EXERCISE PROMPT
Reproduce the records exactly, beginning with their first line and ending with the line that contains "This endpoint accepts", and output nothing more.

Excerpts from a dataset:
________________________________________
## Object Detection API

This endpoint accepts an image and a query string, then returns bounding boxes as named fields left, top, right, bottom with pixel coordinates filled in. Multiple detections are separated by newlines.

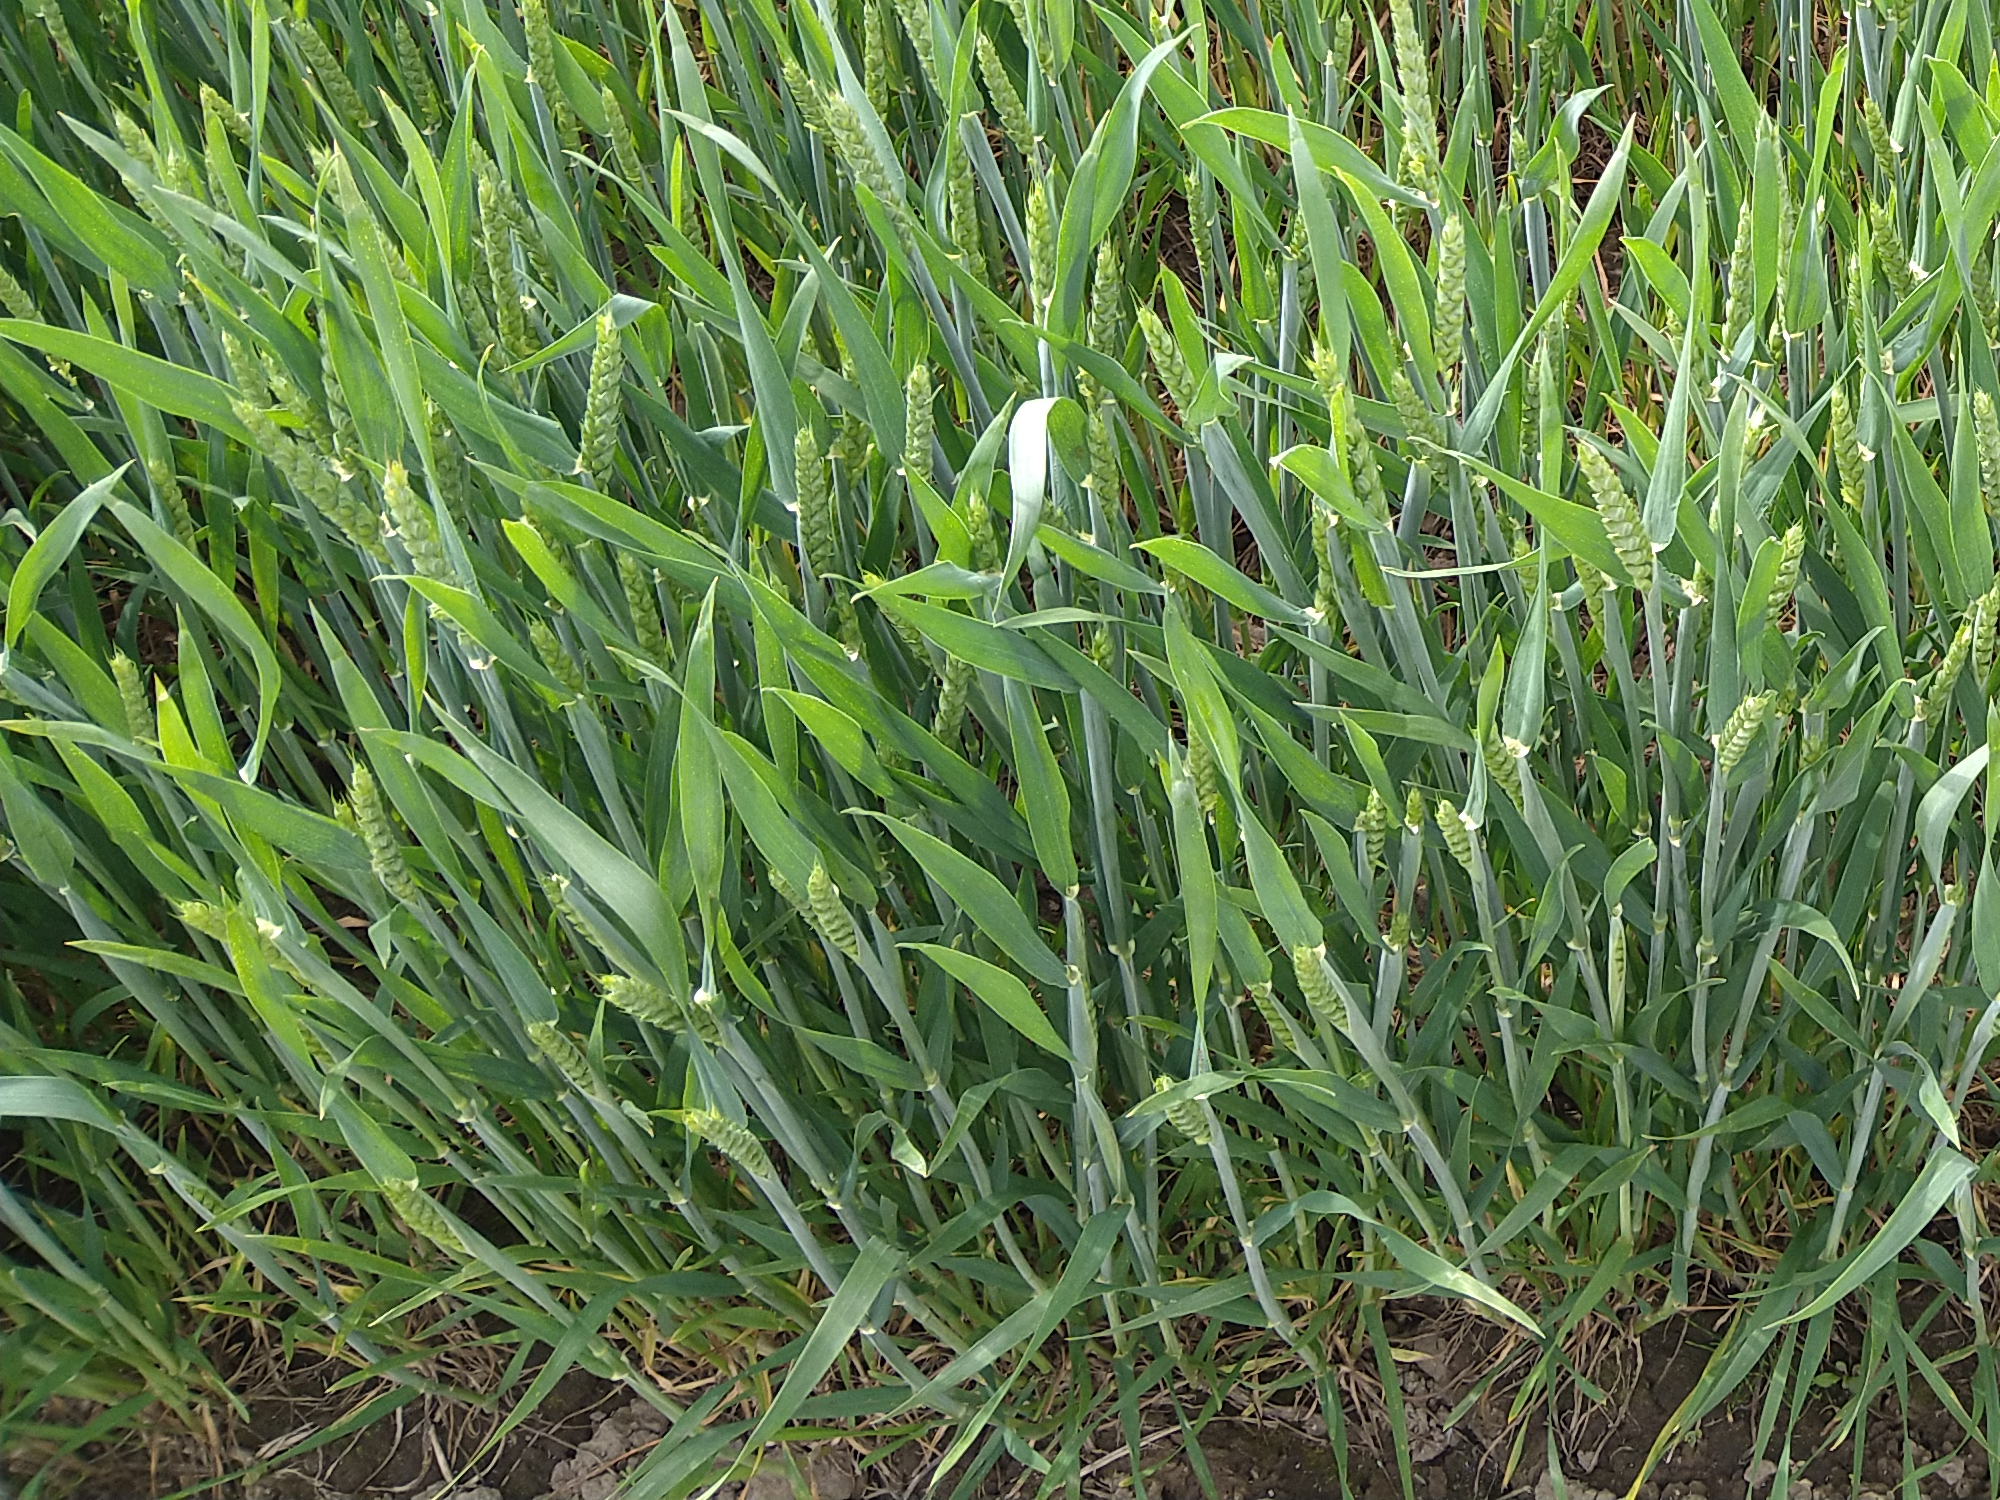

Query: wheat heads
left=1828, top=391, right=1862, bottom=510
left=1667, top=302, right=1713, bottom=401
left=572, top=313, right=622, bottom=496
left=186, top=1187, right=240, bottom=1228
left=21, top=0, right=76, bottom=56
left=808, top=869, right=861, bottom=967
left=1191, top=171, right=1218, bottom=269
left=1435, top=800, right=1475, bottom=877
left=184, top=898, right=304, bottom=973
left=963, top=492, right=1001, bottom=576
left=832, top=361, right=869, bottom=467
left=682, top=148, right=704, bottom=255
left=781, top=61, right=846, bottom=152
left=379, top=1174, right=458, bottom=1248
left=288, top=21, right=373, bottom=137
left=1719, top=198, right=1752, bottom=370
left=1766, top=527, right=1804, bottom=621
left=1314, top=499, right=1349, bottom=637
left=1893, top=0, right=1939, bottom=41
left=765, top=867, right=822, bottom=931
left=865, top=577, right=938, bottom=672
left=1245, top=980, right=1292, bottom=1050
left=1536, top=0, right=1565, bottom=97
left=471, top=142, right=519, bottom=394
left=1523, top=317, right=1564, bottom=479
left=1292, top=203, right=1317, bottom=310
left=1972, top=595, right=1996, bottom=686
left=313, top=308, right=381, bottom=509
left=1718, top=699, right=1764, bottom=774
left=218, top=325, right=272, bottom=412
left=0, top=269, right=68, bottom=370
left=325, top=792, right=354, bottom=829
left=259, top=347, right=333, bottom=459
left=824, top=572, right=870, bottom=678
left=1970, top=391, right=2000, bottom=520
left=1407, top=786, right=1431, bottom=825
left=905, top=361, right=934, bottom=484
left=1923, top=612, right=1972, bottom=744
left=789, top=424, right=836, bottom=572
left=458, top=285, right=525, bottom=411
left=1025, top=164, right=1065, bottom=324
left=1576, top=440, right=1654, bottom=598
left=1080, top=370, right=1119, bottom=533
left=1436, top=211, right=1470, bottom=366
left=1090, top=625, right=1119, bottom=675
left=1390, top=362, right=1451, bottom=493
left=1133, top=306, right=1206, bottom=436
left=146, top=451, right=191, bottom=558
left=598, top=85, right=651, bottom=200
left=1305, top=343, right=1389, bottom=528
left=1284, top=944, right=1345, bottom=1032
left=525, top=1023, right=597, bottom=1103
left=219, top=393, right=397, bottom=569
left=1779, top=164, right=1793, bottom=319
left=107, top=106, right=215, bottom=245
left=1361, top=786, right=1389, bottom=877
left=101, top=648, right=164, bottom=772
left=992, top=0, right=1046, bottom=53
left=538, top=874, right=605, bottom=944
left=381, top=472, right=463, bottom=626
left=1153, top=1073, right=1210, bottom=1150
left=527, top=619, right=597, bottom=706
left=499, top=179, right=558, bottom=300
left=426, top=404, right=467, bottom=536
left=204, top=147, right=241, bottom=261
left=1864, top=99, right=1900, bottom=181
left=1382, top=0, right=1443, bottom=174
left=199, top=82, right=251, bottom=147
left=816, top=95, right=915, bottom=259
left=523, top=507, right=570, bottom=576
left=1483, top=725, right=1523, bottom=820
left=886, top=0, right=934, bottom=102
left=310, top=147, right=410, bottom=286
left=679, top=1109, right=768, bottom=1175
left=863, top=3, right=889, bottom=122
left=1867, top=205, right=1917, bottom=304
left=345, top=763, right=424, bottom=904
left=1614, top=919, right=1627, bottom=984
left=1092, top=237, right=1125, bottom=362
left=974, top=32, right=1033, bottom=154
left=516, top=0, right=573, bottom=139
left=610, top=540, right=666, bottom=671
left=118, top=171, right=187, bottom=274
left=1334, top=8, right=1357, bottom=77
left=1968, top=252, right=1991, bottom=343
left=1186, top=724, right=1212, bottom=813
left=593, top=975, right=719, bottom=1042
left=943, top=113, right=984, bottom=284
left=1032, top=500, right=1105, bottom=548
left=931, top=655, right=968, bottom=749
left=391, top=16, right=443, bottom=130
left=166, top=144, right=204, bottom=207
left=1847, top=247, right=1882, bottom=347
________________________________________
SOLUTION TO THE EXERCISE
## Object Detection API

This endpoint accepts an image and a query string, then returns bounding boxes as named fields left, top, right, bottom with pixel coordinates filled in. Multiple detections are separated by newlines.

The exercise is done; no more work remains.